(Dataset entries)

________________

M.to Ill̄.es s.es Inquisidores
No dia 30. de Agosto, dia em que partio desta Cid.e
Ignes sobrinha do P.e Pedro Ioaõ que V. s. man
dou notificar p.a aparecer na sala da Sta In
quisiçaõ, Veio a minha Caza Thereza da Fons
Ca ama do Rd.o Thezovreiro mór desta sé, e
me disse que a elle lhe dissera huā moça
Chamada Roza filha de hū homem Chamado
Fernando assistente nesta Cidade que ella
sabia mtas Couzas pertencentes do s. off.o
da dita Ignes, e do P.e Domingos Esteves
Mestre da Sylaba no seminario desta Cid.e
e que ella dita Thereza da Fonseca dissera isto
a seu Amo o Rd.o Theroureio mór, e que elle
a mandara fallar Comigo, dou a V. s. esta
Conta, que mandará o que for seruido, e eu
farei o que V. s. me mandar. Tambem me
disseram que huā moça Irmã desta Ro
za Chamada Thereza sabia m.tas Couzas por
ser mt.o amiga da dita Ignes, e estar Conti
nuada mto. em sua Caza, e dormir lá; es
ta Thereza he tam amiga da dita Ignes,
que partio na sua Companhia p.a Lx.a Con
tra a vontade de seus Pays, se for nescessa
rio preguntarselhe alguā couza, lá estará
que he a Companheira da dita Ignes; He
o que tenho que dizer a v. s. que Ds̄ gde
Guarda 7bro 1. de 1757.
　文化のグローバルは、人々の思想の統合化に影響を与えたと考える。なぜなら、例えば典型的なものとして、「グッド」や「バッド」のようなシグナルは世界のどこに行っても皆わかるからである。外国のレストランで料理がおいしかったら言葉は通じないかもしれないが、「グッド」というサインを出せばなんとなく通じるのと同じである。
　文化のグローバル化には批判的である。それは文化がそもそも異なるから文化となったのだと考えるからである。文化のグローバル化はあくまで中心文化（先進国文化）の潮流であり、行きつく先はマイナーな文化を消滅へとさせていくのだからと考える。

________________

=== WHAT YOU NEED TO DO ===
Please extract exactly, and only, the lines from the line containing "rio preguntarselhe alguā couza, lá estará" through the last line of the records.

=== ANSWER BOX ===
rio preguntarselhe alguā couza, lá estará
que he a Companheira da dita Ignes; He
o que tenho que dizer a v. s. que Ds̄ gde
Guarda 7bro 1. de 1757.
　文化のグローバルは、人々の思想の統合化に影響を与えたと考える。なぜなら、例えば典型的なものとして、「グッド」や「バッド」のようなシグナルは世界のどこに行っても皆わかるからである。外国のレストランで料理がおいしかったら言葉は通じないかもしれないが、「グッド」というサインを出せばなんとなく通じるのと同じである。
　文化のグローバル化には批判的である。それは文化がそもそも異なるから文化となったのだと考えるからである。文化のグローバル化はあくまで中心文化（先進国文化）の潮流であり、行きつく先はマイナーな文化を消滅へとさせていくのだからと考える。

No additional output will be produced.